Foreign soccer players must speak Russian – Duma plan
A leftist lawmaker is preparing a bill to impose new legal restrictions on athletes who receive Russian citizenship in order to represent Russian clubs and national teams. If it is approved all soccer players might be forced to learn Russian.

Oleg Nilov of the Fair Russia parliamentary caucus suggests Russia needs to tighten its requirements on foreign athletes and eventually completely stop using their services in its teams. The MP, however, agrees to allow foreigners to work as coaches in children’s sports schools, national teams, and professional clubs.

He says the main reason behind the move is the need to save money, as foreign players get their salaries either directly from the Sports Ministry or from major clubs sponsored by state-owned corporations, like the national natural gas monopoly Gazprom that runs the Zenit St Petersburg club.

Zenit pays its Brazilian player Hulk an annual salary of 7 million euro (about $9.4 million).

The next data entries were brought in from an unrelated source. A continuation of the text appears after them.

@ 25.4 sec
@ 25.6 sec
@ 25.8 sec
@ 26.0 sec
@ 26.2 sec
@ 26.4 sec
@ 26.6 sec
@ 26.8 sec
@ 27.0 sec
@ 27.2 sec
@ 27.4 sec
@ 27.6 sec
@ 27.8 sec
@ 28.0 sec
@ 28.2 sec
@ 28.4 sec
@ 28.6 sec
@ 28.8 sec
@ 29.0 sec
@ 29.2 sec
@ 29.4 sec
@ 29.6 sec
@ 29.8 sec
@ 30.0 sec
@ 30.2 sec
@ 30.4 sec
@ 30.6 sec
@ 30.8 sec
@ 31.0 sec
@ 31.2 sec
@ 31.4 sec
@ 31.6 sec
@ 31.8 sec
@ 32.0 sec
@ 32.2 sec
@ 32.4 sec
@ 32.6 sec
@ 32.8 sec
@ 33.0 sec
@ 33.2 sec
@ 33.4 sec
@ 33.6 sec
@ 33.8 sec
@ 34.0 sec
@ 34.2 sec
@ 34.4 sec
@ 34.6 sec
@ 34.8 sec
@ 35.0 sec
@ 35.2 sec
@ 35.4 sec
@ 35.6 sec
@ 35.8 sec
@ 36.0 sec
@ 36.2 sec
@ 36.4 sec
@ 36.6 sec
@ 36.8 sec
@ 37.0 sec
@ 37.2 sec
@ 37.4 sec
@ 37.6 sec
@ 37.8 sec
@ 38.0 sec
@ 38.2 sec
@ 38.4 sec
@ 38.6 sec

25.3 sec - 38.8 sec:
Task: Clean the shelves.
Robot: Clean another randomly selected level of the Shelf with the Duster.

The club also had to pay about 80 million euro ($107 million) in 2012 for Hulk and Belgian footballer Axel Witsel. Salaries of footballers who play for the Russian national team can reach 10 million rubles per year or about $285,000.

Zenit St. Petersburg's Hulk (Reuters / Alexander Demianchuk)

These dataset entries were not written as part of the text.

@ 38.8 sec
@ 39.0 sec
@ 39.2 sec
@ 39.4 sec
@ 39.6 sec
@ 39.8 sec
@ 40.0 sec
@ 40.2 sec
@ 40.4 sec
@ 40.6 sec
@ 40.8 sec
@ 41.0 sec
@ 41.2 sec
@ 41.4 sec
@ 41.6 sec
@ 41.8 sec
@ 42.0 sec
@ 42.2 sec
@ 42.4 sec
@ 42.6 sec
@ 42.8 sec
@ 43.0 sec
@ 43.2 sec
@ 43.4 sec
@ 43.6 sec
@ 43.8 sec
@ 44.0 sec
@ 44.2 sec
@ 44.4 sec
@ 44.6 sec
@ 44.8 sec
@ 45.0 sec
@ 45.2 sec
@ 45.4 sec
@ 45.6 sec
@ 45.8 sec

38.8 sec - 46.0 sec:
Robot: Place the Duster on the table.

In an interview with the mass circulation daily Izvestia Nilov said that his bill was primarily targeting Russian soccer clubs and their foreign players. One of the main requirements for such sportsmen would be to pass a Russian language test. Currently the overwhelming majority of foreign players use interpreters.

According to the Transfermarkt website that monitors the contracts of professional soccer players, 182 foreign players are currently playing for Russian Premier League clubs. This is 42 percent of the total players in these clubs.

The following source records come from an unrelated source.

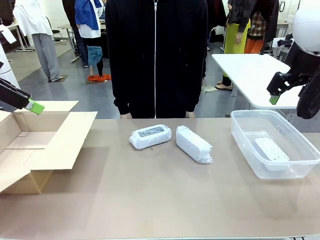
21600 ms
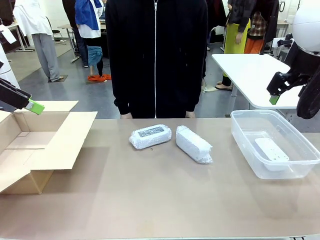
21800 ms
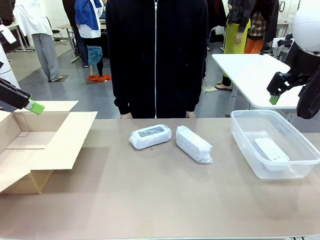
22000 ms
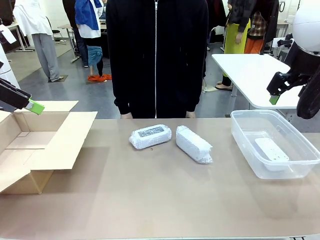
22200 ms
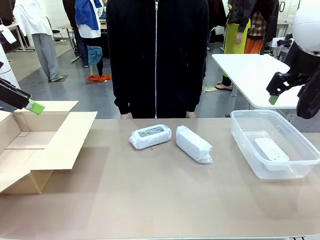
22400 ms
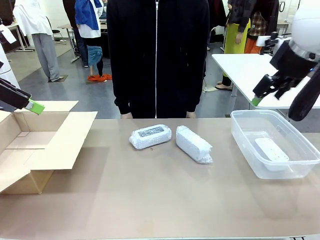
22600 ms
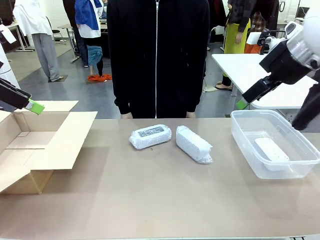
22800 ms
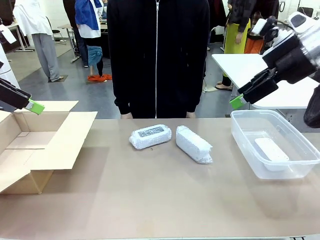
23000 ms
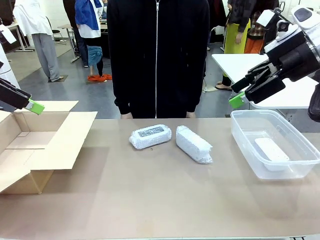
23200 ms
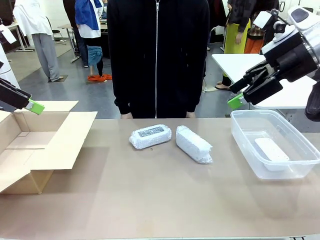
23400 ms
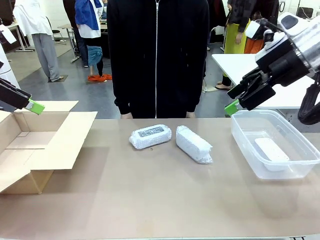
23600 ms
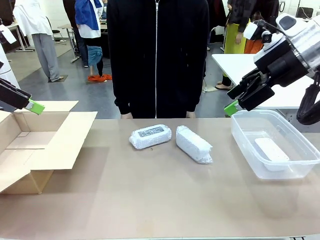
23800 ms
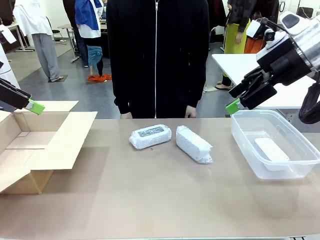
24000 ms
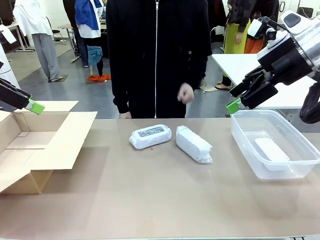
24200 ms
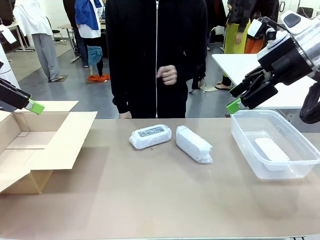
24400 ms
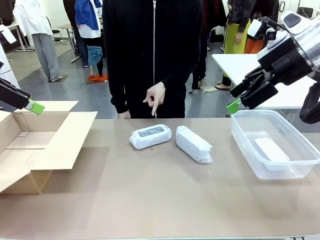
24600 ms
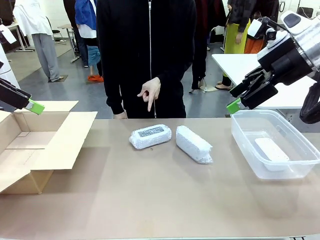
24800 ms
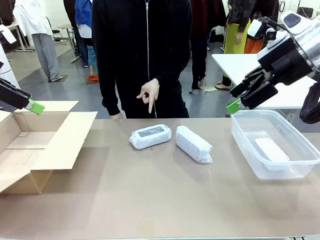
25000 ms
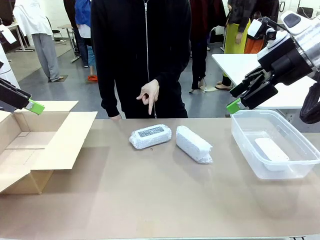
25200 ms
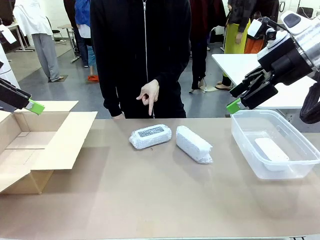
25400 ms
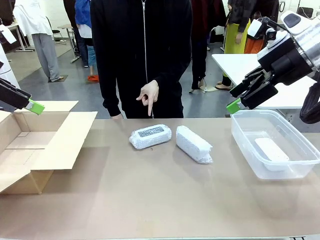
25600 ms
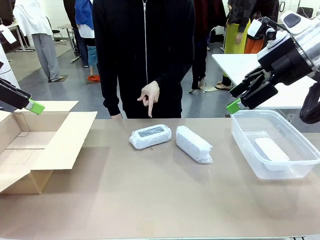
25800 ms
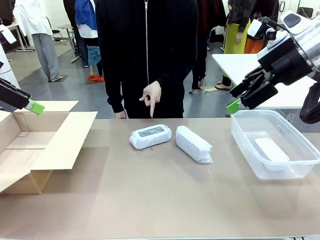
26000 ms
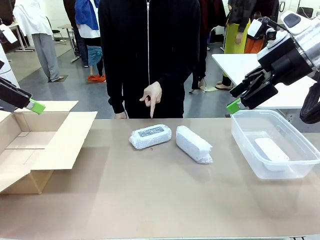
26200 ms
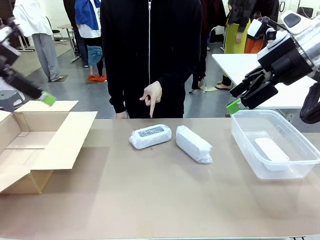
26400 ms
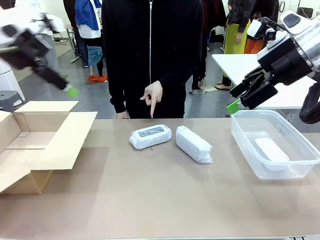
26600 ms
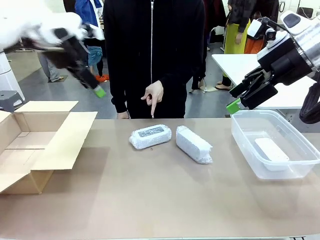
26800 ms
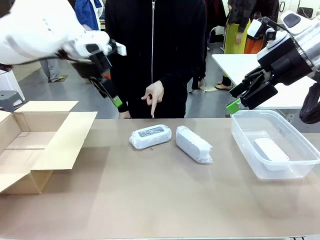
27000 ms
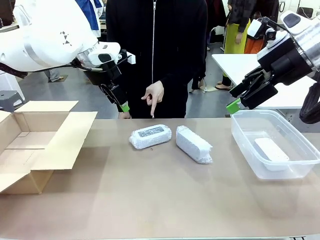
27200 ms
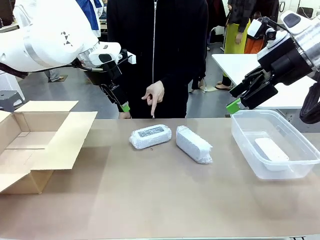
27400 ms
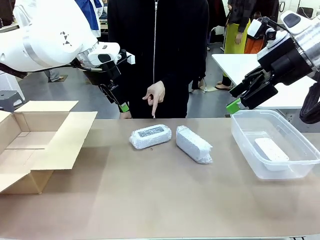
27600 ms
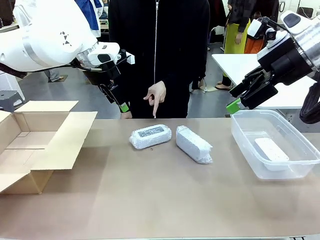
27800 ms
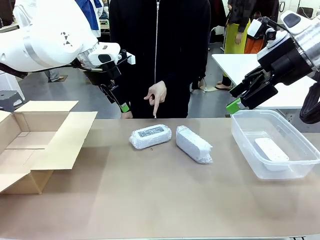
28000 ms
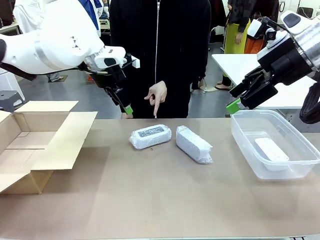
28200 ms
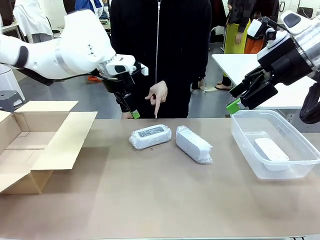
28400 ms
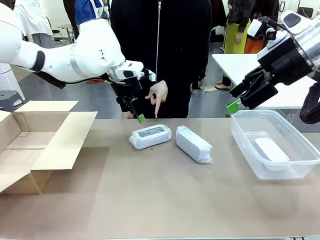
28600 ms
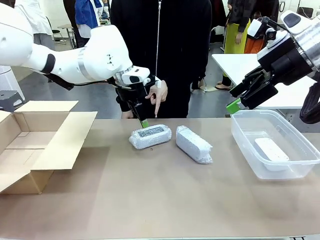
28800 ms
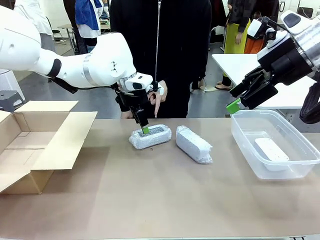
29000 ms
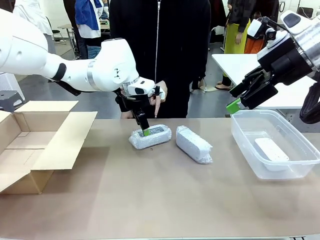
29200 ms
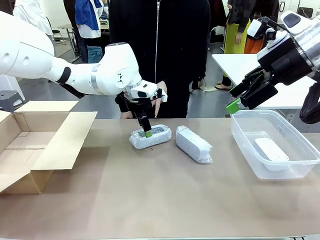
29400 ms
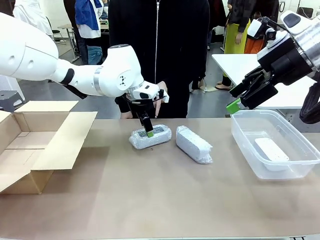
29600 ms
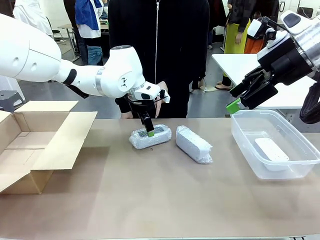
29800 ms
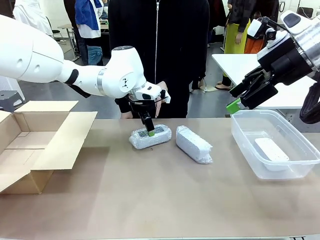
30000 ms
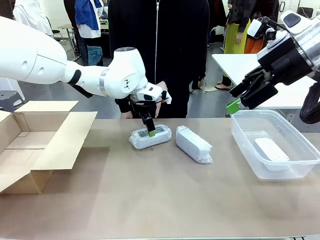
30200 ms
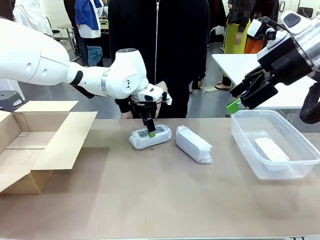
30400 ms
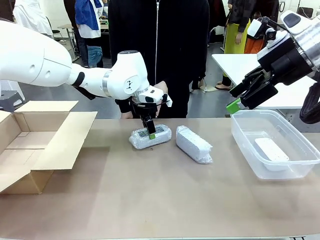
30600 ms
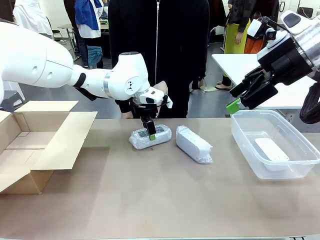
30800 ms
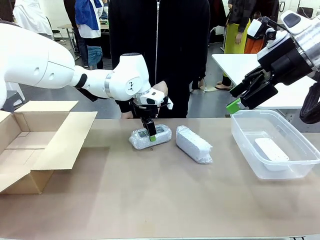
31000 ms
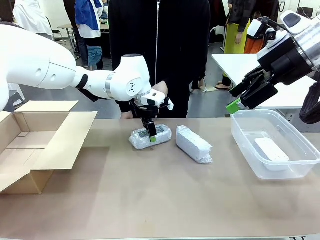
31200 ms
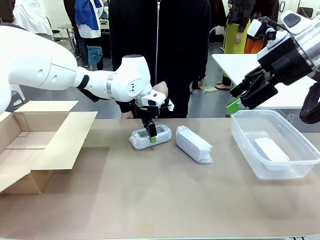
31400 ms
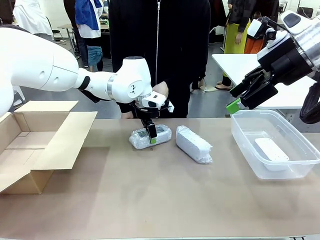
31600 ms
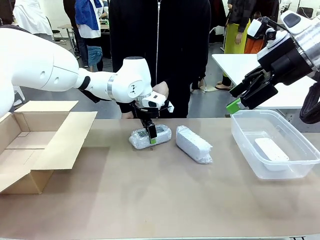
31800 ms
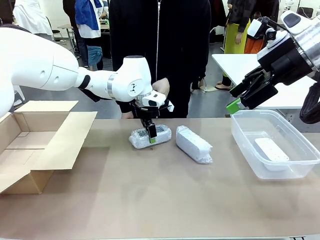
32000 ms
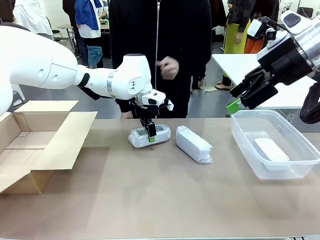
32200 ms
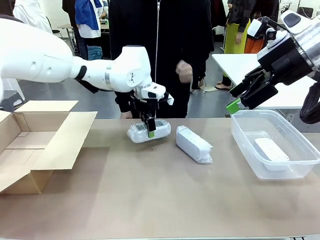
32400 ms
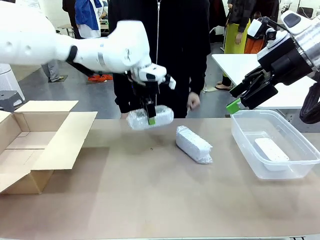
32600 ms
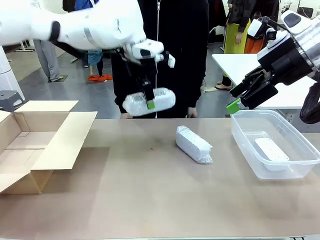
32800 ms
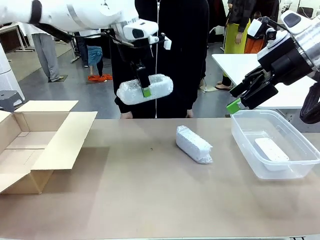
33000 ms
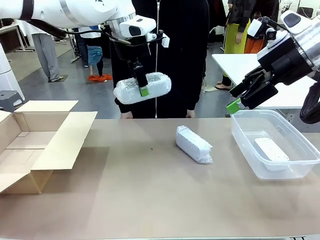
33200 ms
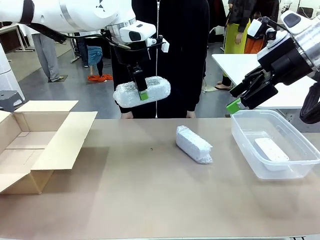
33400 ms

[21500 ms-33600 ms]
Task: Separate and place wrapped and unwrapped clocks.
Robot: Pick up the Digital clock indicated by the person.

The law “On Adaptation of Migrants” that will come into force on January 1 next year making passing a Russian language test obligatory for all foreigners who want to live and work in Russia with the exception for athletes who sign a temporary contract.

This is not the first time Russian politicians have addressed the issue. In mid-July this year the Communist Party caucus in the State Duma promised to draft a bill making the state sponsorship of Russian athletes and teams directly dependent from their performance in international competitions. Lawmakers behind the proposal claim it is because of the poor performance by the Russian national team at the Football World Cup and European Championships, and suggested the changes would motivate athletes and coaches, and improve the situation.